**Task requirements**
Read the records below and copy each line that contains "clipPath".

**Exercise inputs**

══════════════════════════════

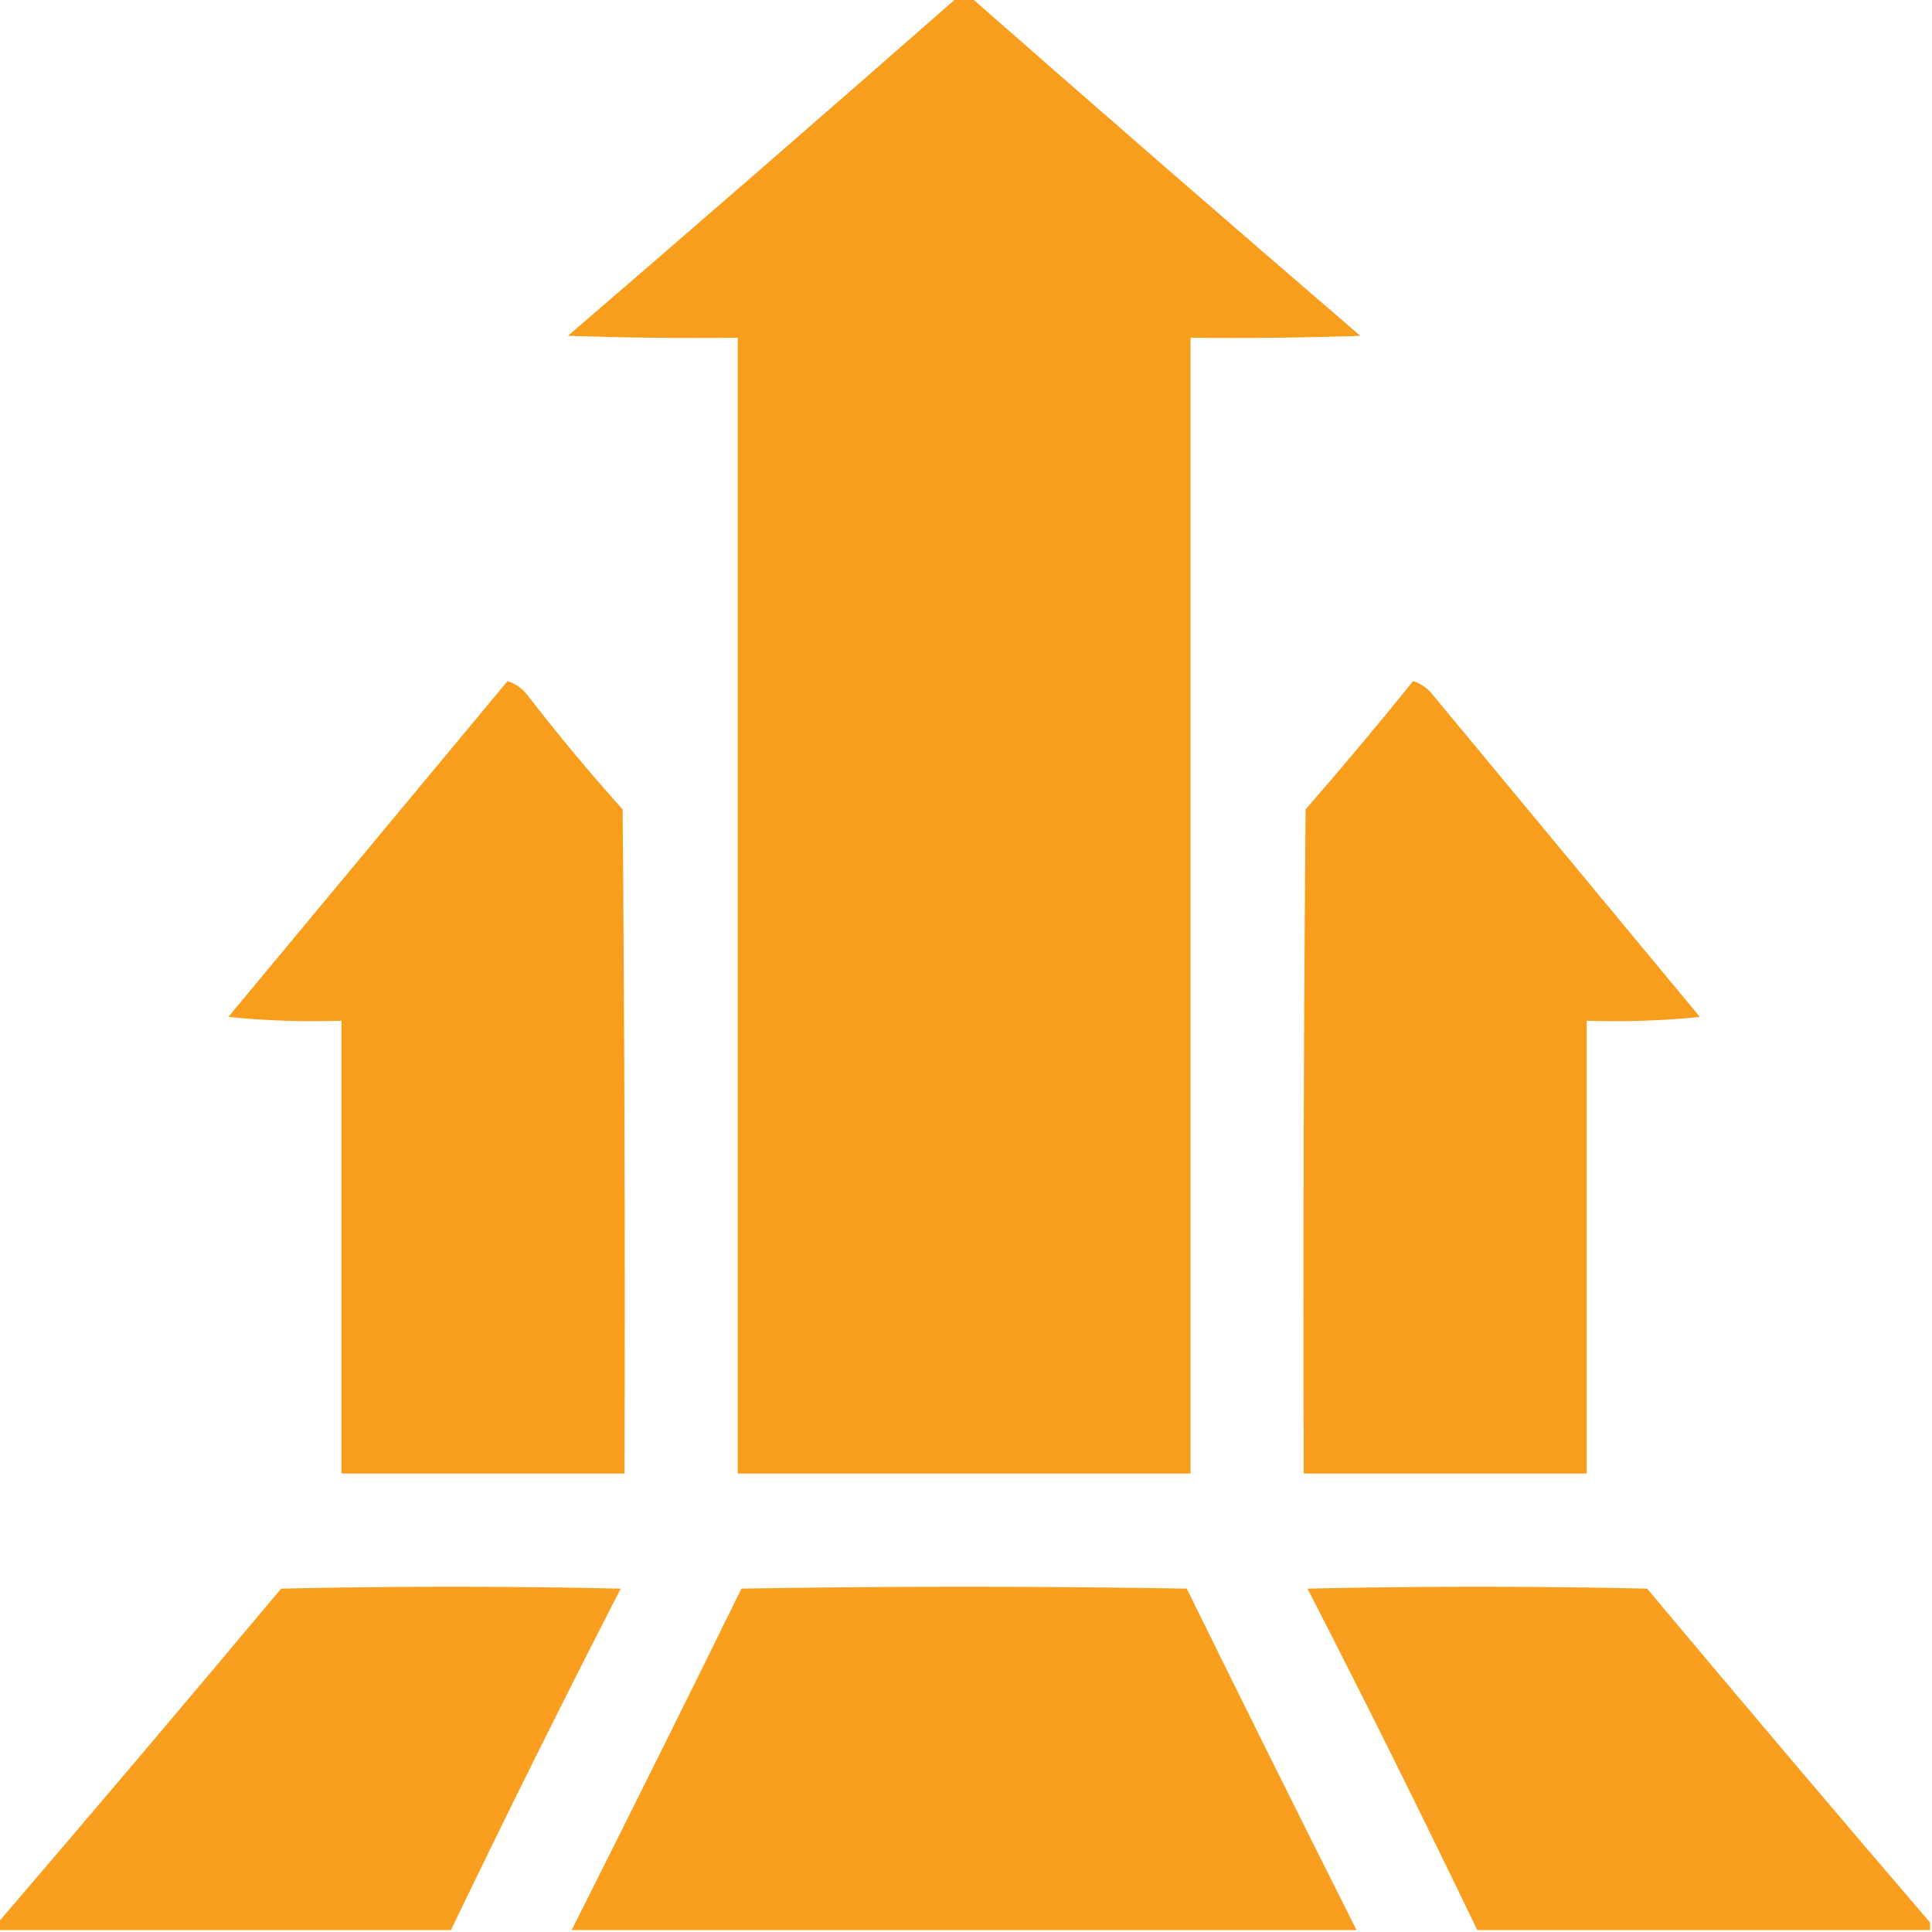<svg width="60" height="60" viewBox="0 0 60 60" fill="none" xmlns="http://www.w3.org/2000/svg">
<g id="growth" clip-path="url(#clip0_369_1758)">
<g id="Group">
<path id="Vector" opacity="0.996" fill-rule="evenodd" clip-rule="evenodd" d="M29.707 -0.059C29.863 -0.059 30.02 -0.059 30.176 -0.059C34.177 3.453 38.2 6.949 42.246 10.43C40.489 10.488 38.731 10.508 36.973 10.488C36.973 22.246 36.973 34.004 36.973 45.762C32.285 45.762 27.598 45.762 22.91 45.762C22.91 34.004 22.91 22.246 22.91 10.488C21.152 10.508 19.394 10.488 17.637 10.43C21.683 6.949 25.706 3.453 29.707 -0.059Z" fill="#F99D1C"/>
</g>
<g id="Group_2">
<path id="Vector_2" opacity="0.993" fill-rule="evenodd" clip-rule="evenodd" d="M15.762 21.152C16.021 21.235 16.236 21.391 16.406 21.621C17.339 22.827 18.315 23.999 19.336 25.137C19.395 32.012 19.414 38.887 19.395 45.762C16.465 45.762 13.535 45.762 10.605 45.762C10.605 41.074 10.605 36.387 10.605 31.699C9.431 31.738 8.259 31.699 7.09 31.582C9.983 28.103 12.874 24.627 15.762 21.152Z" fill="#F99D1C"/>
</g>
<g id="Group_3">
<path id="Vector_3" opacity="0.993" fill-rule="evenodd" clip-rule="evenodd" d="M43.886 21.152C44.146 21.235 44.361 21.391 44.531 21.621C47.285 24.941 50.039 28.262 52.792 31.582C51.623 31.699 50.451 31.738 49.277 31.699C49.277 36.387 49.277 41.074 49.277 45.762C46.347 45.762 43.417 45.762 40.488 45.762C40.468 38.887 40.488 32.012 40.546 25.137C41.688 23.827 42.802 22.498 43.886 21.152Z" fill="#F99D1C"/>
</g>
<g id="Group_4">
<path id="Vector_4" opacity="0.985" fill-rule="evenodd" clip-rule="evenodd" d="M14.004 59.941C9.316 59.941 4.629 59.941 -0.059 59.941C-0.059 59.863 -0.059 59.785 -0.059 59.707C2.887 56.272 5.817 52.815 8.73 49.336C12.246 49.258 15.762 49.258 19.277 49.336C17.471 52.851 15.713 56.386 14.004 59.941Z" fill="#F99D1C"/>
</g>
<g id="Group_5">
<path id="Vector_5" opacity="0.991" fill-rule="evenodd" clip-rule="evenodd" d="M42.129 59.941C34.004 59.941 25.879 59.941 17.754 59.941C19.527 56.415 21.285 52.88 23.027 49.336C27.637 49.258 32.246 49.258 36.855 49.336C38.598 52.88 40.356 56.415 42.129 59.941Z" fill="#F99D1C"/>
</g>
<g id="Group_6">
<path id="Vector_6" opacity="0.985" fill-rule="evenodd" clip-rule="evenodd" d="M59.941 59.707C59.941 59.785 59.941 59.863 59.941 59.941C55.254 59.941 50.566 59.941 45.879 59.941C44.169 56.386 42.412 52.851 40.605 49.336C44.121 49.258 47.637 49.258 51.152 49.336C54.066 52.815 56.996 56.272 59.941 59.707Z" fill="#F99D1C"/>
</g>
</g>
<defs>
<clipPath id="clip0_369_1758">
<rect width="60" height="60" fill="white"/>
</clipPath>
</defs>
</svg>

══════════════════════════════

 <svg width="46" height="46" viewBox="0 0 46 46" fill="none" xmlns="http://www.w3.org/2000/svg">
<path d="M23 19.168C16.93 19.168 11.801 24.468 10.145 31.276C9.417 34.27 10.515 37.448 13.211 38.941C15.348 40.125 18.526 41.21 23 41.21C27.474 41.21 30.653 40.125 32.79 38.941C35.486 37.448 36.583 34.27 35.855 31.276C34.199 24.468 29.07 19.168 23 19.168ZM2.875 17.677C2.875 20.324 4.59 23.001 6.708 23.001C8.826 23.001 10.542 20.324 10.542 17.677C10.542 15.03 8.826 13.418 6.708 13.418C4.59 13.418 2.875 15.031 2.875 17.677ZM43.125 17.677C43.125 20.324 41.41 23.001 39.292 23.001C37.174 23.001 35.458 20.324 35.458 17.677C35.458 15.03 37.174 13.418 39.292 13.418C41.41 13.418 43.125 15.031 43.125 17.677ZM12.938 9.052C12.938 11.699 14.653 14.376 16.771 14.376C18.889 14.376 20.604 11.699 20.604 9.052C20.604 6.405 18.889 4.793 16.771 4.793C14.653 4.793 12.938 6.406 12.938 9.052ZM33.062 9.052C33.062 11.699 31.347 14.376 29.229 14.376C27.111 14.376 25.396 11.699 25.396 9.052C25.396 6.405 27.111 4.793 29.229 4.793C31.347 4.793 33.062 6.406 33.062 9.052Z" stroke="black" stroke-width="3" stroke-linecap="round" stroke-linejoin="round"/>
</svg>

══════════════════════════════

**Task solution**
<clipPath id="clip0_369_1758">
</clipPath>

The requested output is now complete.